According to claim 1,
The neural network of the feature extraction unit includes a plurality of convolution layers for generating a feature map of the image and a pooling layer for sampling the feature map Detection system.

According to claim 1,
The spatial vision sensor comprises a fully connected layer consisting of at least one hidden layer (hidden layer).

According to claim 1,
A storage unit for storing the feature map generated by the feature extraction unit is further included,
The temporal visual sensor detects an object in the image according to the temporal flow using a recurrent neural network,
The recursive neural network is a visual sensing system characterized in that it is learned based on the feature map stored in the storage unit.

According to claim 1,
The neural network is a visual sensing system characterized in that an image on which a screen transition, scaling, and rotation processing is performed is input and learned.

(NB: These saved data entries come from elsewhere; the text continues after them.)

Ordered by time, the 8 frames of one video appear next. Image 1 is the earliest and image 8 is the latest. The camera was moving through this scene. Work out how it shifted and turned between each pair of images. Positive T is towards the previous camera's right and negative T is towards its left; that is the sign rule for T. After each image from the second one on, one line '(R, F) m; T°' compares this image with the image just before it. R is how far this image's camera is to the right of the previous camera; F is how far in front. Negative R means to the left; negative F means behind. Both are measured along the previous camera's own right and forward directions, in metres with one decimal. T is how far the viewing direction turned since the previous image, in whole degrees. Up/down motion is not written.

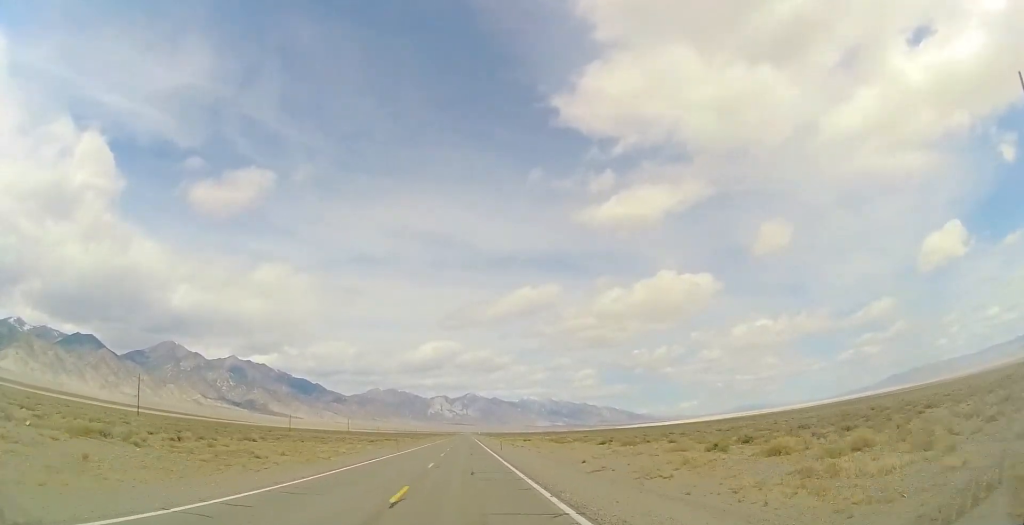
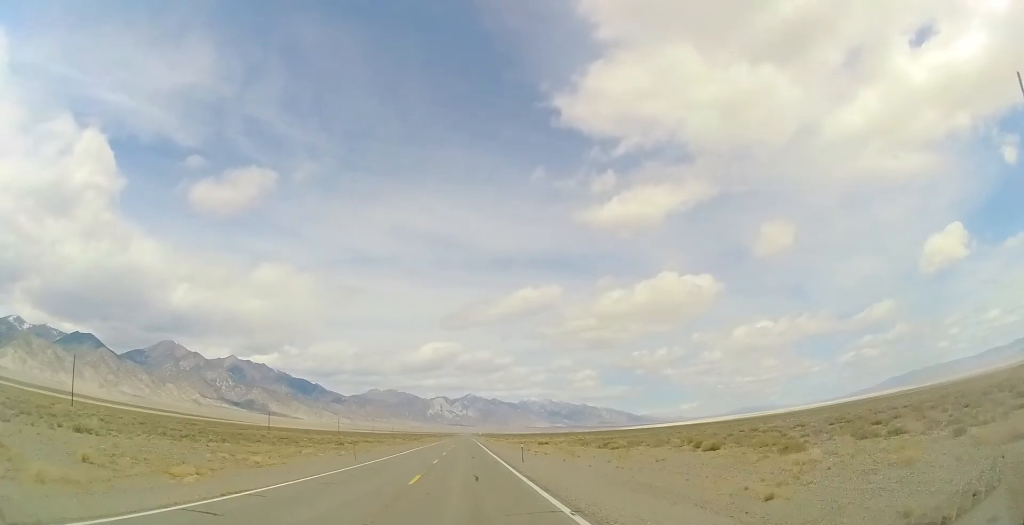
(+0.1, +19.7) m; 0°
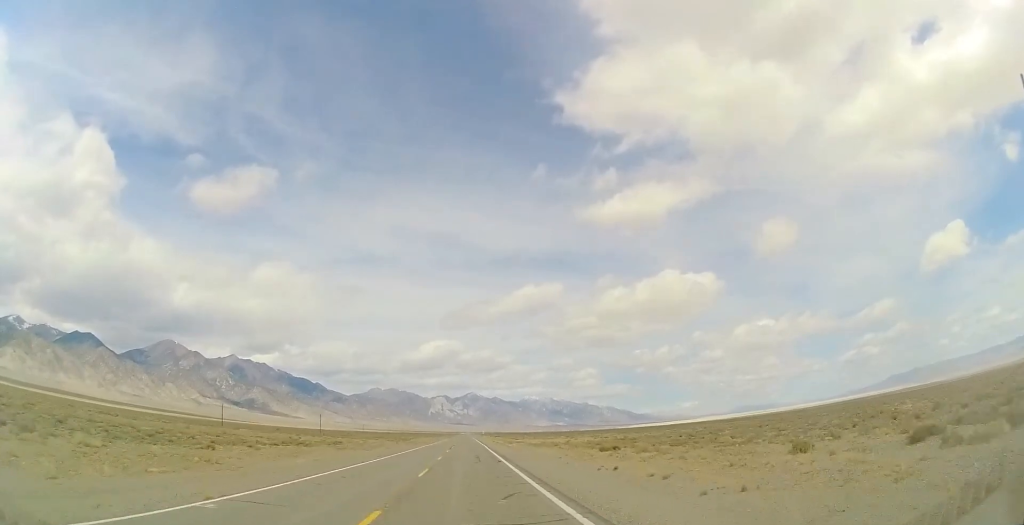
(-0.3, +33.8) m; 0°
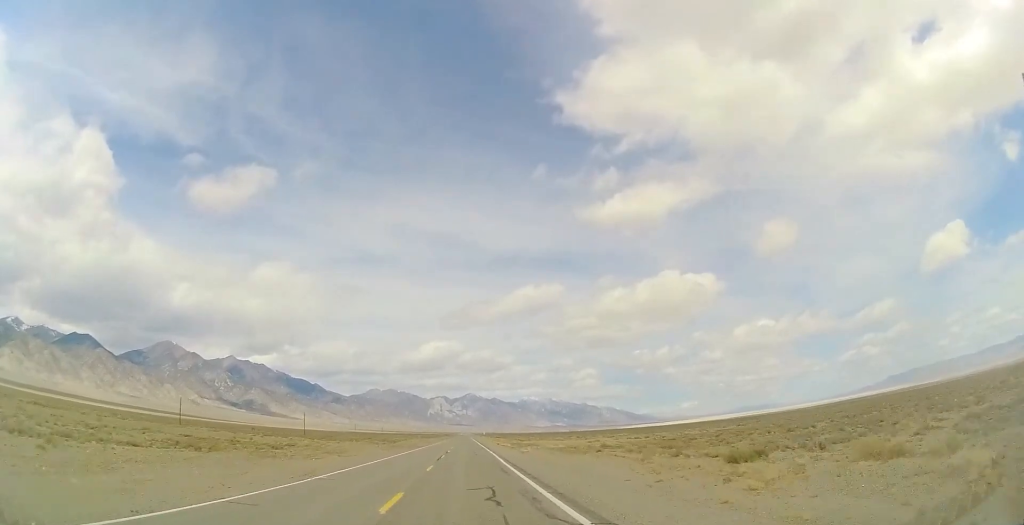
(+0.1, +21.0) m; 0°
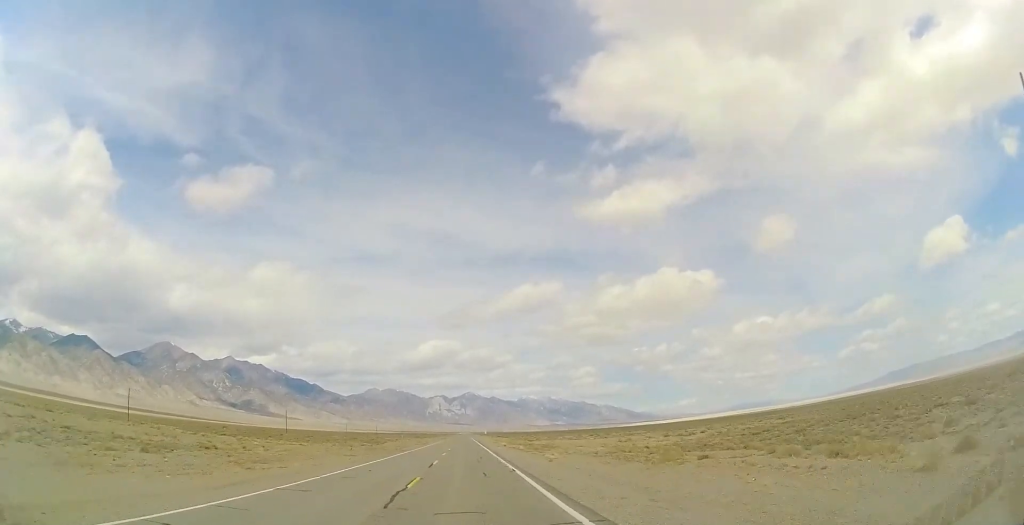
(+0.1, +19.8) m; 0°
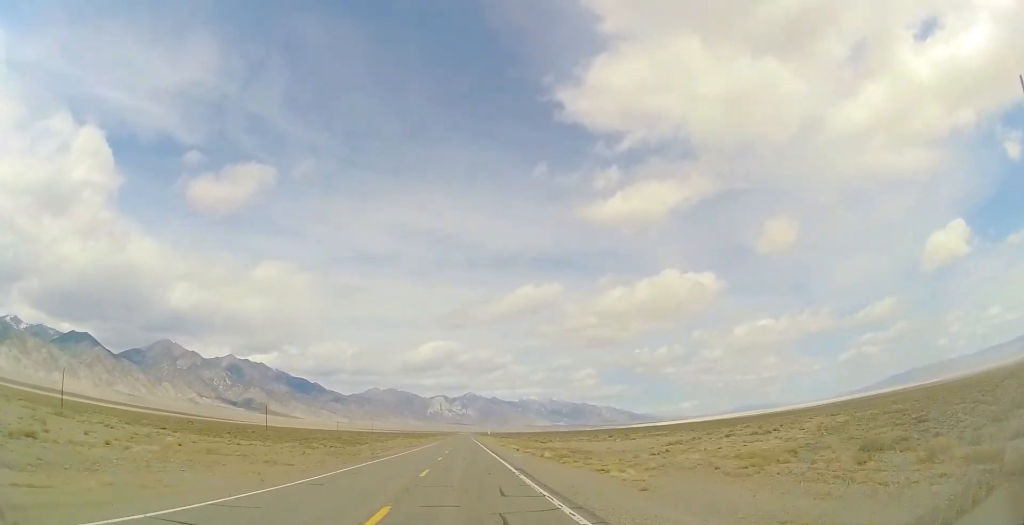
(0.0, +19.7) m; 0°
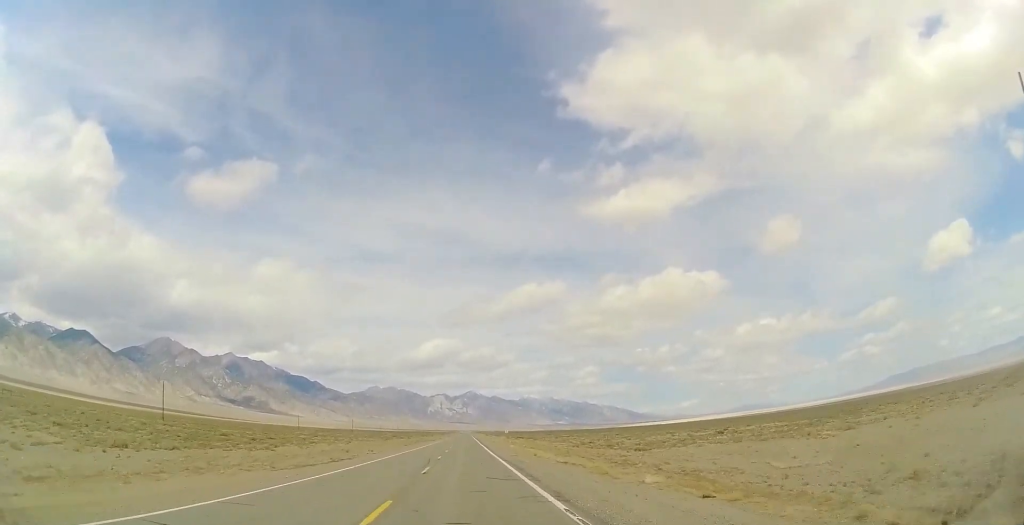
(-0.5, +60.0) m; 0°
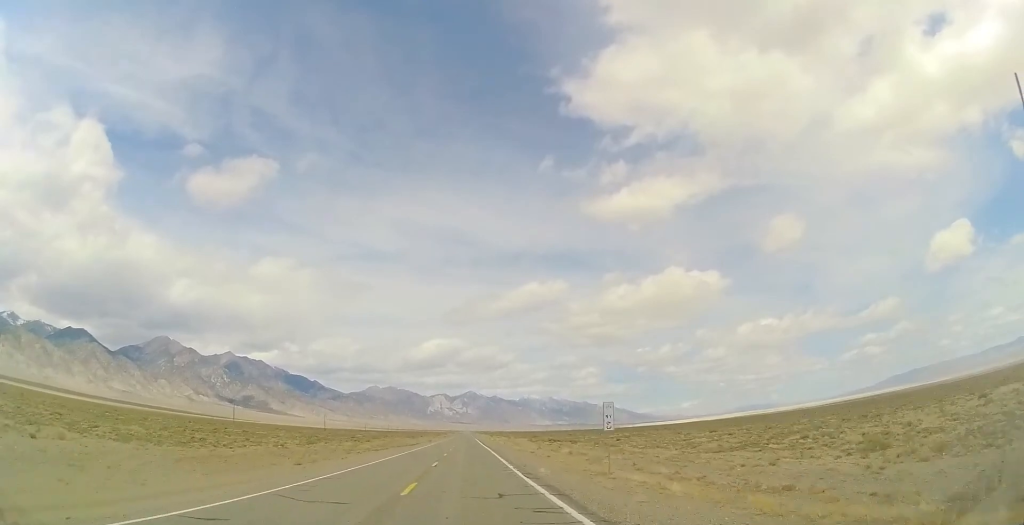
(+0.5, +55.9) m; +1°
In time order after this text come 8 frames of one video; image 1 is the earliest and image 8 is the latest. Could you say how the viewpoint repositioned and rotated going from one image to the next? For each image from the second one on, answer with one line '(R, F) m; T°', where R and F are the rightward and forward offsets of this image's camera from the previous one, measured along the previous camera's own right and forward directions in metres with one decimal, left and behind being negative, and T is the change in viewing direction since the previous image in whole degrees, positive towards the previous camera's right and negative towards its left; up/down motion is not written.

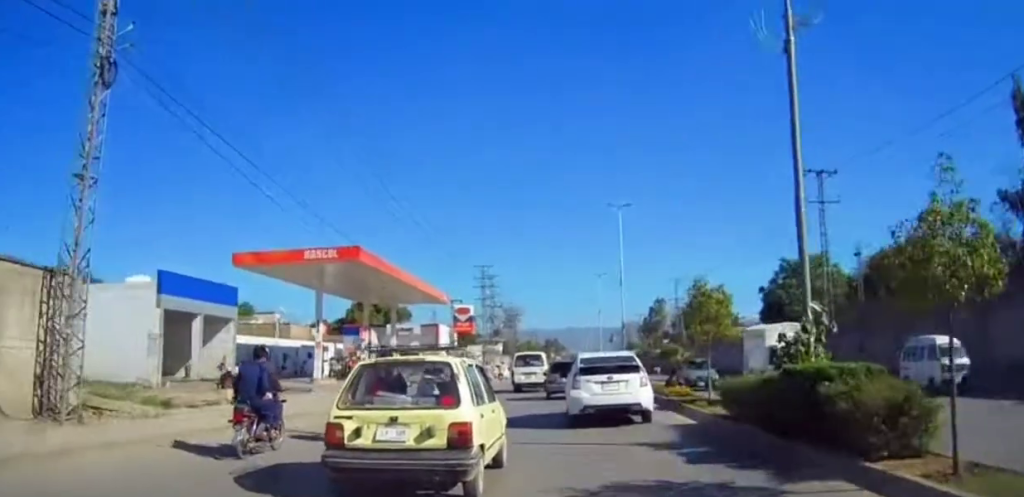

In the method of visual detection using a visual detection system,
(a) inputting an image;
(b) generating a feature map of the image using a neural network;
(c) estimating the location and name of the object in the image using the feature map;
(d) detecting an object in the image according to a time sequence based on the feature map; And
(e) determining an object detection result in the image based on the estimation result of step (c) and the detection result of step (d); includes,
Step (c) and step (d) are performed simultaneously,
When the estimation result of step (c) is different from the detection result of step (d), the prediction threshold in step (c) is readjusted, so that the object detection result in the image is judged. Detection method.

delete

The method of claim 6,
The neural network includes a plurality of convolution layers for generating a feature map of the image and a pooling layer for sampling the feature map.

The method of claim 6,
The step (c) is performed using a fully connected layer consisting of at least one hidden layer (hidden layer).

The method of claim 6,
The step of storing the feature map generated in the step (b) in the storage unit of the visual detection system; is further included,
The step (d) is performed using a recurrent neural network,
The recursive neural network is a time detection method characterized in that it is learned based on the feature map stored in step (b).

The method of claim 6,
The neural network is a visual sensing method characterized in that an image in which a screen transition, scaling, and rotation processing is performed is input and learned.

A computer-readable recording medium in which a program for implementing the method of any one of claims 6, 8, 9, 10 or 11 is recorded.